» What you are asked to do:
Look over the entries that follow and work out how many lines contain "pointed". State the number only.

» Material provided:
>>>

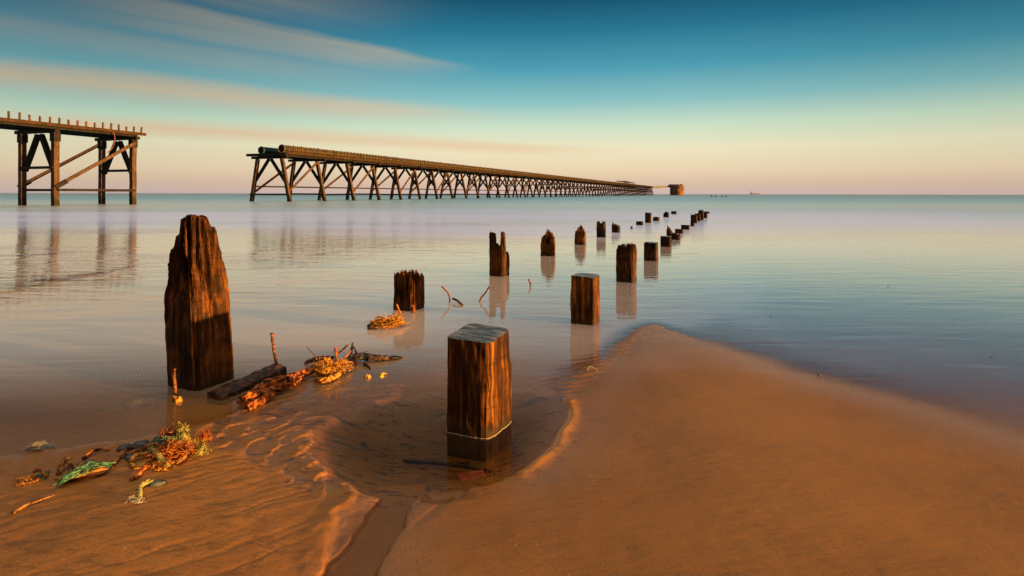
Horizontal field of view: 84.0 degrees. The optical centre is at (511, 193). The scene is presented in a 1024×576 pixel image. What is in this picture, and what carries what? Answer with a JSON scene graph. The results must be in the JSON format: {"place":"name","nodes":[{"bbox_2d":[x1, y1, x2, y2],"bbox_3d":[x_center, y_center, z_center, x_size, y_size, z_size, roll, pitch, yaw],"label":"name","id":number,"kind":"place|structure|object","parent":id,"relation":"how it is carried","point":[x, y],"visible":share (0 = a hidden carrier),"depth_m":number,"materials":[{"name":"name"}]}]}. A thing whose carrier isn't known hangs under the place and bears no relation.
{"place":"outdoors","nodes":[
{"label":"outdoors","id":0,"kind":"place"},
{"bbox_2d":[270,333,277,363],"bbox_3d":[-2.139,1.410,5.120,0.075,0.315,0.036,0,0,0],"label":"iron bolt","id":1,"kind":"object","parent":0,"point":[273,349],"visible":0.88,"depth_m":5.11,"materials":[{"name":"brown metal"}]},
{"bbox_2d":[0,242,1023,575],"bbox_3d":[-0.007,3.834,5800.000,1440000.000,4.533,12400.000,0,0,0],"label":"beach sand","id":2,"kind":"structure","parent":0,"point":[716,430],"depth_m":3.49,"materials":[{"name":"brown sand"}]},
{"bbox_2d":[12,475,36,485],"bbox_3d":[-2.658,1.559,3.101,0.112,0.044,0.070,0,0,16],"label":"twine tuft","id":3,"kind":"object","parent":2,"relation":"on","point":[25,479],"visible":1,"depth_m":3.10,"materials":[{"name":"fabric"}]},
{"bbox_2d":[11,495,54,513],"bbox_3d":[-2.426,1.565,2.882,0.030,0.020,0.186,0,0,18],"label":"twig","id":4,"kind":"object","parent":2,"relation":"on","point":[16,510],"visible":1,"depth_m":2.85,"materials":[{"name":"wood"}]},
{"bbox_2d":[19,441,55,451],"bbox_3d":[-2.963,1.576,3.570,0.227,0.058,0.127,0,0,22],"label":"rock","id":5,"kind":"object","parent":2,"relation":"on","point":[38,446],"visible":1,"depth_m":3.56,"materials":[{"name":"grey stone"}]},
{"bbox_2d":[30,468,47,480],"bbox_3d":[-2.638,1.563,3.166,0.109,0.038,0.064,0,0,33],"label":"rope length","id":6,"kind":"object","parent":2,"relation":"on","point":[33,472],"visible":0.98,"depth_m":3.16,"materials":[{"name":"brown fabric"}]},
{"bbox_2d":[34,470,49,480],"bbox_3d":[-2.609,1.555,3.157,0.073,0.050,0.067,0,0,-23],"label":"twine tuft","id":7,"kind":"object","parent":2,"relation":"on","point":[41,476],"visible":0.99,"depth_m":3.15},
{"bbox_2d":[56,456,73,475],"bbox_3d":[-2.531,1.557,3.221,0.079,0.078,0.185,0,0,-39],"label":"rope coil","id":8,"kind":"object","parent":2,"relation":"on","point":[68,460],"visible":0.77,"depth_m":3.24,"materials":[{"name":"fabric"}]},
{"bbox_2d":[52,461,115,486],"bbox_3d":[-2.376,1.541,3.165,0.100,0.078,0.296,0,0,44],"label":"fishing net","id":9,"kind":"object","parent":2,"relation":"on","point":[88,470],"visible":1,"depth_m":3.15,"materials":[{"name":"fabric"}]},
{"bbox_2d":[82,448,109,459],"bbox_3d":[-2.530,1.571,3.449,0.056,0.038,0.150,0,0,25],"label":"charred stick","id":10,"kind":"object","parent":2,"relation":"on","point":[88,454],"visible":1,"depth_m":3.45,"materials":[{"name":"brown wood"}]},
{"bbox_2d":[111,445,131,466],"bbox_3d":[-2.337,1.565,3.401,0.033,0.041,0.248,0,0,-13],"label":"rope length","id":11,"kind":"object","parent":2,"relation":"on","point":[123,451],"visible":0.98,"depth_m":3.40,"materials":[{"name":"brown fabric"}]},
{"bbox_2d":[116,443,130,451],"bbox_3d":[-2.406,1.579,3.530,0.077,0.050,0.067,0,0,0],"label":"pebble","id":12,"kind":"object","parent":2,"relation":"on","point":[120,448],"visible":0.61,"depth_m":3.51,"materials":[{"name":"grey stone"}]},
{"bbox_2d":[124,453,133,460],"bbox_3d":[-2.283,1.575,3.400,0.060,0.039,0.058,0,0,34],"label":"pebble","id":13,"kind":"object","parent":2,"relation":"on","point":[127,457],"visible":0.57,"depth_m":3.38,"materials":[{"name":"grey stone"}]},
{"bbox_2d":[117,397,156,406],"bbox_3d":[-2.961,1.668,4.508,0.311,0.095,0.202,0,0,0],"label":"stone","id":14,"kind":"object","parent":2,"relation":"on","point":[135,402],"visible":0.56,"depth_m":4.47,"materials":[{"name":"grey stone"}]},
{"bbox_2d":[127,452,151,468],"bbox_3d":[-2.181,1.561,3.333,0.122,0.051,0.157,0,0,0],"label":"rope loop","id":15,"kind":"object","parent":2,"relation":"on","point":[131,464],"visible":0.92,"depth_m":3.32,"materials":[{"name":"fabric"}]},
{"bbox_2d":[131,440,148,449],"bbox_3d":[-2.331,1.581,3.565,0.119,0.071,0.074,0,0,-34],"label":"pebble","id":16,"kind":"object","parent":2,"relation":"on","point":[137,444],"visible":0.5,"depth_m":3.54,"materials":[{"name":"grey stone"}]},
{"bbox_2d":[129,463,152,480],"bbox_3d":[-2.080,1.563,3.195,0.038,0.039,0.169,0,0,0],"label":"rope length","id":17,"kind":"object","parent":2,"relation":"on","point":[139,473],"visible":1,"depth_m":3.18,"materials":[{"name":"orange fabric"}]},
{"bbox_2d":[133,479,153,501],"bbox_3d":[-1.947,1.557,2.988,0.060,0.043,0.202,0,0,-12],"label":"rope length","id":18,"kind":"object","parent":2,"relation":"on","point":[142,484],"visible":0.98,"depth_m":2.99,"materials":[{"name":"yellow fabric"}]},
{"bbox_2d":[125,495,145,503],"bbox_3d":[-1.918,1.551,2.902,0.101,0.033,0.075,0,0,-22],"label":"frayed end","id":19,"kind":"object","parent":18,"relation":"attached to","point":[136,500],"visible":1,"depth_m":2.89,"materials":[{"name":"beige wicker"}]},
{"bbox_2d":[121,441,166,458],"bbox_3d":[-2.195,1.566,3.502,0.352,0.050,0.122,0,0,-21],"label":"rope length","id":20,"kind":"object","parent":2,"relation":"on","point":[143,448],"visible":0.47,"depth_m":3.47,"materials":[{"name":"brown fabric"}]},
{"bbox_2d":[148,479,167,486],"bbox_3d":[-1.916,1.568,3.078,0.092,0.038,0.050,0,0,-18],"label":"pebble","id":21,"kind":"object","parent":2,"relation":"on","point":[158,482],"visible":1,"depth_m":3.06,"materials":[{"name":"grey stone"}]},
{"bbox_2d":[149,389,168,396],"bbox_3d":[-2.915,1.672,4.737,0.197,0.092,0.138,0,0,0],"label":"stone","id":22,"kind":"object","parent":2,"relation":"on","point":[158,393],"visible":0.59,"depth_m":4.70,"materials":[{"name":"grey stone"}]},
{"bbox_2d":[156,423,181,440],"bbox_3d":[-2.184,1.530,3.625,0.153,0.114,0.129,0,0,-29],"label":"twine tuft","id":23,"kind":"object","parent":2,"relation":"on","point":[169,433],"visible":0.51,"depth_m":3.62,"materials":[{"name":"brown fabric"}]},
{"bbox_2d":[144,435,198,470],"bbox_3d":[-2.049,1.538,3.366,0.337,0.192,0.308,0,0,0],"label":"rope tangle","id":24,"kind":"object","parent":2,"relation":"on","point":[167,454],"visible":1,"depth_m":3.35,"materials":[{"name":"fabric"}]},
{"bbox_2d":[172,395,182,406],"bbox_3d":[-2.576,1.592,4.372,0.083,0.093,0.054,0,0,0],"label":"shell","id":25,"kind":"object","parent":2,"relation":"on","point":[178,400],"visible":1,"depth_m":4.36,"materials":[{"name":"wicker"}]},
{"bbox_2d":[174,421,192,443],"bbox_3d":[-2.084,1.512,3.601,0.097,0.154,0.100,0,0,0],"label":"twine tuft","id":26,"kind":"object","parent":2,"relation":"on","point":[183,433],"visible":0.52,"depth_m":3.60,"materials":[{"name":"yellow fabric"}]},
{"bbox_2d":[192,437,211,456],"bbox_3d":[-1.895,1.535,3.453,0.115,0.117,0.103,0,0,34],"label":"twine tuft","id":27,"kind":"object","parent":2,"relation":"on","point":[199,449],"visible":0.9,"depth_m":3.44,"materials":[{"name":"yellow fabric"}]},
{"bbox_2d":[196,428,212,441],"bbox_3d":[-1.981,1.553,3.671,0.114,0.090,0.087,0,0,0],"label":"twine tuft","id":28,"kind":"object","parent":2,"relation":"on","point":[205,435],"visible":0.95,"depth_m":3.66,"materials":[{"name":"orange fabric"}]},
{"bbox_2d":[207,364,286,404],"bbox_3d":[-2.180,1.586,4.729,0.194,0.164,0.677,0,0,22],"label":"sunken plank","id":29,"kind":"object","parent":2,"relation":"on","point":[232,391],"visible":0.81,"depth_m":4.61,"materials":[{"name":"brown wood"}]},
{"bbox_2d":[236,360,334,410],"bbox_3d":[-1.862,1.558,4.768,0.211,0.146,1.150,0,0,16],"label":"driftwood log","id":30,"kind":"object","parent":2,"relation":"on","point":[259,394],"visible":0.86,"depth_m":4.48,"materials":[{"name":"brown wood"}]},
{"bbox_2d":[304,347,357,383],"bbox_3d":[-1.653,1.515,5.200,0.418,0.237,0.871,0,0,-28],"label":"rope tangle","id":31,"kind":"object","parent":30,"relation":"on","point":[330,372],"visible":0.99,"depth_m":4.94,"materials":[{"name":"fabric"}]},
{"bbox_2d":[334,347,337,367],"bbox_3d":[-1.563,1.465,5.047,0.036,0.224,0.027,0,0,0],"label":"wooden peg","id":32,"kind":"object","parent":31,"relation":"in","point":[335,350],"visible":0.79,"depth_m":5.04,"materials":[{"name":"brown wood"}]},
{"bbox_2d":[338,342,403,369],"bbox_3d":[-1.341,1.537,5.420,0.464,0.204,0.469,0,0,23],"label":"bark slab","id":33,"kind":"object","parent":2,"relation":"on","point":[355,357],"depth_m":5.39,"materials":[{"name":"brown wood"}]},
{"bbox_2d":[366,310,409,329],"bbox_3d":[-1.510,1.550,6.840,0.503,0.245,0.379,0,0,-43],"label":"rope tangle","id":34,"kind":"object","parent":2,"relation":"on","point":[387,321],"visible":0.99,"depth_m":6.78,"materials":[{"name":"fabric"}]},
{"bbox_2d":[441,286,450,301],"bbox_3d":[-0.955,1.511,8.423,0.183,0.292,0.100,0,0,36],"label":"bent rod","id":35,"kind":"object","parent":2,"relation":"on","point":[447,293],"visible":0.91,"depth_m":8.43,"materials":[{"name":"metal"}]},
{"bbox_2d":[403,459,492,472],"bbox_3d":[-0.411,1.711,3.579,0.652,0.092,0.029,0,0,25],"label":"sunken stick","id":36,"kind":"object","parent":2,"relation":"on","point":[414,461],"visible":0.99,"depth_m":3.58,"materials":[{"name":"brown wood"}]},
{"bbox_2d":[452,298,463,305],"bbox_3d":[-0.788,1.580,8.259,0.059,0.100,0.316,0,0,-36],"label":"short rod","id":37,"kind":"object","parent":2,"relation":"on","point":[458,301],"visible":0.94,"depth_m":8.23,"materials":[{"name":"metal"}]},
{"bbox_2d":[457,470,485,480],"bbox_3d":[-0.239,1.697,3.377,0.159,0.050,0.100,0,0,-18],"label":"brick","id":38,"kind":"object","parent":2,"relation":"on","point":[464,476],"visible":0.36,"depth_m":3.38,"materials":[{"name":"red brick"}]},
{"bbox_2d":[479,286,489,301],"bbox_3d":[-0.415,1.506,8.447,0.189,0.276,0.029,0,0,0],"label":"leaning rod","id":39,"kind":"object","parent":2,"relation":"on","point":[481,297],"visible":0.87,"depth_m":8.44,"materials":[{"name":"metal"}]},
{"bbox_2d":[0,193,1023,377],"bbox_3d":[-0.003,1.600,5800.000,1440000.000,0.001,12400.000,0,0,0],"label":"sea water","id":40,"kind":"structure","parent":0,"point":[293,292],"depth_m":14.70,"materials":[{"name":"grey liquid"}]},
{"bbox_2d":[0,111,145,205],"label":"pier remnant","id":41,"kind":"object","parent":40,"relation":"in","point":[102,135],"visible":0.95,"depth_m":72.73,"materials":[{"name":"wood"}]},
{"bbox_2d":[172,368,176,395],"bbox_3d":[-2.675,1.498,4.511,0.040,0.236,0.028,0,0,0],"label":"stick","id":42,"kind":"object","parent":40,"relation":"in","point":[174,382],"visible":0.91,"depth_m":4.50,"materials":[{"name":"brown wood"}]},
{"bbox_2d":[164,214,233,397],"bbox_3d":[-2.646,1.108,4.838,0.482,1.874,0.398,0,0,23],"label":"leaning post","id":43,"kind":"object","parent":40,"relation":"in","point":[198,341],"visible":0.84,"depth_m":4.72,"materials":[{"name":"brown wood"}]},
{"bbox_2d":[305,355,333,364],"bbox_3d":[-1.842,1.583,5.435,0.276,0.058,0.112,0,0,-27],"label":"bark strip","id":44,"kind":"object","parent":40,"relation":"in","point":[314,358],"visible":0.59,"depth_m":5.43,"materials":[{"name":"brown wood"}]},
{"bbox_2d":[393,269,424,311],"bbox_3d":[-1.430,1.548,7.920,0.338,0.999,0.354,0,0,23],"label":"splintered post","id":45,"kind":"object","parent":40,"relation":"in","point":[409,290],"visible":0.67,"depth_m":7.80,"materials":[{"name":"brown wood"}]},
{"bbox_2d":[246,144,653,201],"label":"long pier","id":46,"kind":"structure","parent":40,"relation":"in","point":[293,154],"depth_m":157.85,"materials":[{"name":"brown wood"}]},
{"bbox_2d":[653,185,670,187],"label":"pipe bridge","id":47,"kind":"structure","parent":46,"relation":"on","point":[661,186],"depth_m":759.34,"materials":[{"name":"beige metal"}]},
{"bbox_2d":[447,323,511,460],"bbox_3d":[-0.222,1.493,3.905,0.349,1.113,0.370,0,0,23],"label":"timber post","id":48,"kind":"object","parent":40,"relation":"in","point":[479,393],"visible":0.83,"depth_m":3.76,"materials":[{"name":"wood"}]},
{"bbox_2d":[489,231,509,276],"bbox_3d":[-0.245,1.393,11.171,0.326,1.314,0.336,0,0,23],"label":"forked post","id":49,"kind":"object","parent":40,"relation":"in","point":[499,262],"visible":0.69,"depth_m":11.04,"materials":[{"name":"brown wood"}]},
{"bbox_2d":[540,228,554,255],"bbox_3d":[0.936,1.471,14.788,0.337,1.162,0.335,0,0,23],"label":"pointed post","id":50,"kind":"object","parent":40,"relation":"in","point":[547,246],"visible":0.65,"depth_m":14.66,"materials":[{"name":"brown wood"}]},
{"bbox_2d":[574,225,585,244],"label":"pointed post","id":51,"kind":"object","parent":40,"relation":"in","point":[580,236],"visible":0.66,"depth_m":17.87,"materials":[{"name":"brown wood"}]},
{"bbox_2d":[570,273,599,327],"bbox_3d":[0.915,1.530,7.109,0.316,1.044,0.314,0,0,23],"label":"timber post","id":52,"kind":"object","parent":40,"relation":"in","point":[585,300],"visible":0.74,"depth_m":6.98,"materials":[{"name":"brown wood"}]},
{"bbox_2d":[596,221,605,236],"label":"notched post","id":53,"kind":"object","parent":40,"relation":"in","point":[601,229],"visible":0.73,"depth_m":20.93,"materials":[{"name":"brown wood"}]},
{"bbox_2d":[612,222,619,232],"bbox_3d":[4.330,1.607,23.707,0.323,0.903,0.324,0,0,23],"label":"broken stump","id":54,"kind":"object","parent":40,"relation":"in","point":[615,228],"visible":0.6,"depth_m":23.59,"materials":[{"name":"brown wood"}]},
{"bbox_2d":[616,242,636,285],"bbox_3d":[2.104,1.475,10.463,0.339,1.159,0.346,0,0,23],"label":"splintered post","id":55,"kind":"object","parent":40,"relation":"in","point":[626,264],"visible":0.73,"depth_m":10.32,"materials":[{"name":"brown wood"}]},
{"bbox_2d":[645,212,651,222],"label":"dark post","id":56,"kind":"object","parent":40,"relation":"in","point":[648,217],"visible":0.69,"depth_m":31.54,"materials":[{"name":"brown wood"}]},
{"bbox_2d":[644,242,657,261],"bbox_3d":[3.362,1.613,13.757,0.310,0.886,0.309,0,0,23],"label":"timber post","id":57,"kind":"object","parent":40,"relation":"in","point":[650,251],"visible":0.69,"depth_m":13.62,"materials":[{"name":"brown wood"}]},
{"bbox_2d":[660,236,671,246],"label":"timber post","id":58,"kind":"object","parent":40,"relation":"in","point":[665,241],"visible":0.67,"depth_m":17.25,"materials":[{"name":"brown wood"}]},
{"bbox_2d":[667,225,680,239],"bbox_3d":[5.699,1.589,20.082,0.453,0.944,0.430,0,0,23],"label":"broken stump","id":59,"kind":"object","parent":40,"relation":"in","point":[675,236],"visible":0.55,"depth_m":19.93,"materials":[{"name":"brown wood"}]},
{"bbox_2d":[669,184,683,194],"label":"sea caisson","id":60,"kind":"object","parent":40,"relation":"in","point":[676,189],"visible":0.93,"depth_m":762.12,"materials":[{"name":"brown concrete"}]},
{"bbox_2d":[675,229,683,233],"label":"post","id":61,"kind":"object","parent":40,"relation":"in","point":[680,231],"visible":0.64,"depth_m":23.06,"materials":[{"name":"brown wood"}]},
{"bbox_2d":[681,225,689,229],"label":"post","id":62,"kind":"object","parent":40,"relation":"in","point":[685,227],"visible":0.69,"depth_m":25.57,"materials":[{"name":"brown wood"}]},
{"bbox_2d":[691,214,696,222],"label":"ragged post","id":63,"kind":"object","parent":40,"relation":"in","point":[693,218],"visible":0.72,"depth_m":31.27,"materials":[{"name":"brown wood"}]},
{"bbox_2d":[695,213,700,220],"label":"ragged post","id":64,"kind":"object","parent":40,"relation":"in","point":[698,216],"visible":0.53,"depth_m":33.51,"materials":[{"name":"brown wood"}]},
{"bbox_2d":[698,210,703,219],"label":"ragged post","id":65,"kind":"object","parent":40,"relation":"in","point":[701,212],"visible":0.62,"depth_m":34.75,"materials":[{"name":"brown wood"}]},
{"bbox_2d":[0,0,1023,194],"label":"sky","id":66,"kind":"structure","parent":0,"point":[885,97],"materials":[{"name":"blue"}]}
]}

<<<

» Reply:
2